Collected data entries

=======

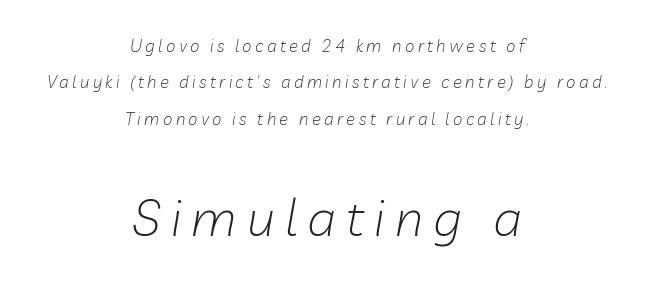
Q: Is the text bold? A: No.
Q: Is the text italic (slanted)? A: Yes, it leans right by about 10 degrees.
Q: Is the text underlined? A: No.
Q: How is the paragraph aligned? A: Centered.
Q: Is the spacing between letters normal or unusually wide? A: Unusually wide.
Q: Is the spacing between lines tight, normal or loose? A: Loose.
Q: Which block of text is set in a larger size, the first (top) or the second (bottom)? A: The second (bottom) one.
Q: Width (condensed, normal, or wide)? A: Normal.
Q: Stroke contrast? A: Low.
Q: x-height? A: Medium.
Q: Monospaced? A: No.
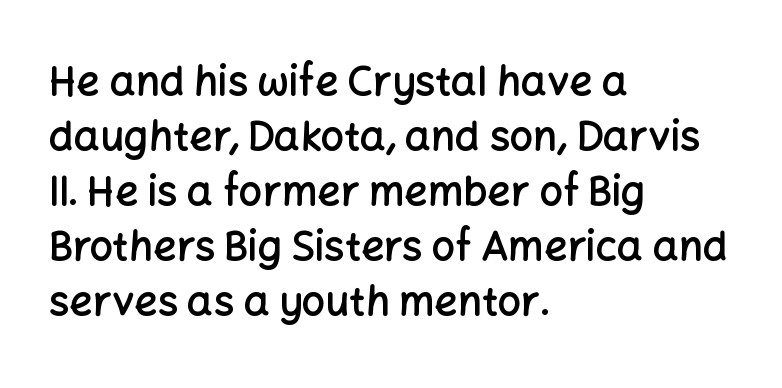
Q: Is the text bold? A: Semi-bold.
Q: Is the text italic (slanted)? A: No, it is upright.
Q: Is the typeface a serif or a sans-serif typeface? A: Sans-serif.
Q: Is the text underlined? A: No.
Q: How is the paragraph aligned? A: Left-aligned.
Q: Is the spacing between letters normal or unusually wide? A: Normal.
Q: Is the spacing between lines tight, normal or loose? A: Normal.
Q: Width (condensed, normal, or wide)? A: Normal.
Q: Stroke contrast? A: Low.
Q: x-height? A: Medium.
Q: Monospaced? A: No.
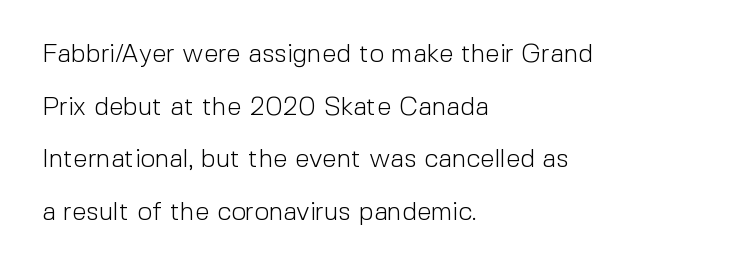
The paragraph shown leans on its left margin. The letterforms sit at book weight or below. Summary of vertical rhythm: relaxed, with wide interline spacing. Italic: no, the glyphs are upright roman. No word sits above an underline.
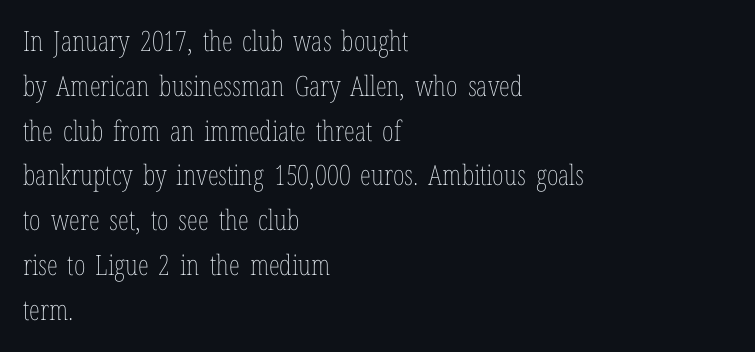
Q: Is the text bold? A: No.
Q: Is the text italic (slanted)? A: No, it is upright.
Q: Is the text underlined? A: No.
Q: How is the paragraph aligned? A: Left-aligned.
Q: Is the spacing between letters normal or unusually wide? A: Normal.
Q: Is the spacing between lines tight, normal or loose? A: Normal.
Q: Width (condensed, normal, or wide)? A: Condensed.
Q: Stroke contrast? A: Low.
Q: x-height? A: Medium.
Q: Monospaced? A: No.
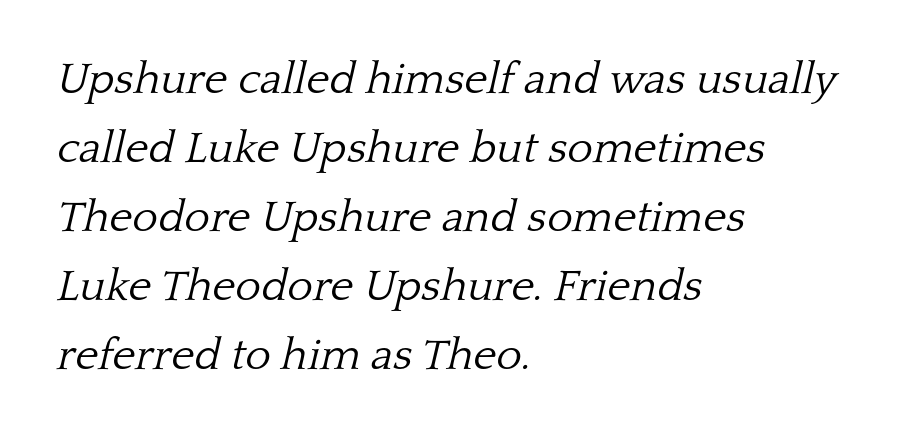
The gap between lines stays unmarked. This sample has the flowing, uneven cadence of proportional lettering. Heft: none added — not bold. The font's italic variant was chosen for this text.
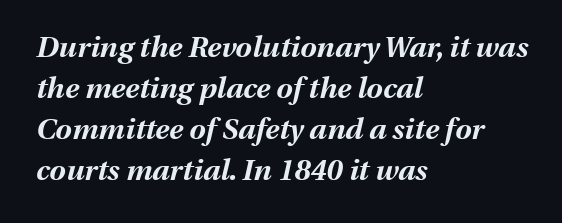
Q: Is the text bold? A: Yes.
Q: Is the text italic (slanted)? A: Yes, it leans right by about 13 degrees.
Q: Is the text underlined? A: No.
Q: How is the paragraph aligned? A: Left-aligned.
Q: Is the spacing between letters normal or unusually wide? A: Normal.
Q: Is the spacing between lines tight, normal or loose? A: Normal.
Q: Width (condensed, normal, or wide)? A: Normal.
Q: Stroke contrast? A: Medium.
Q: x-height? A: Medium.
Q: Monospaced? A: No.

=======

Scan the records above for the word "slanted" and return every line where it occurs.

Q: Is the text italic (slanted)? A: Yes, it leans right by about 10 degrees.
Q: Is the text italic (slanted)? A: No, it is upright.
Q: Is the text italic (slanted)? A: No, it is upright.
Q: Is the text italic (slanted)? A: Yes, it leans right by about 13 degrees.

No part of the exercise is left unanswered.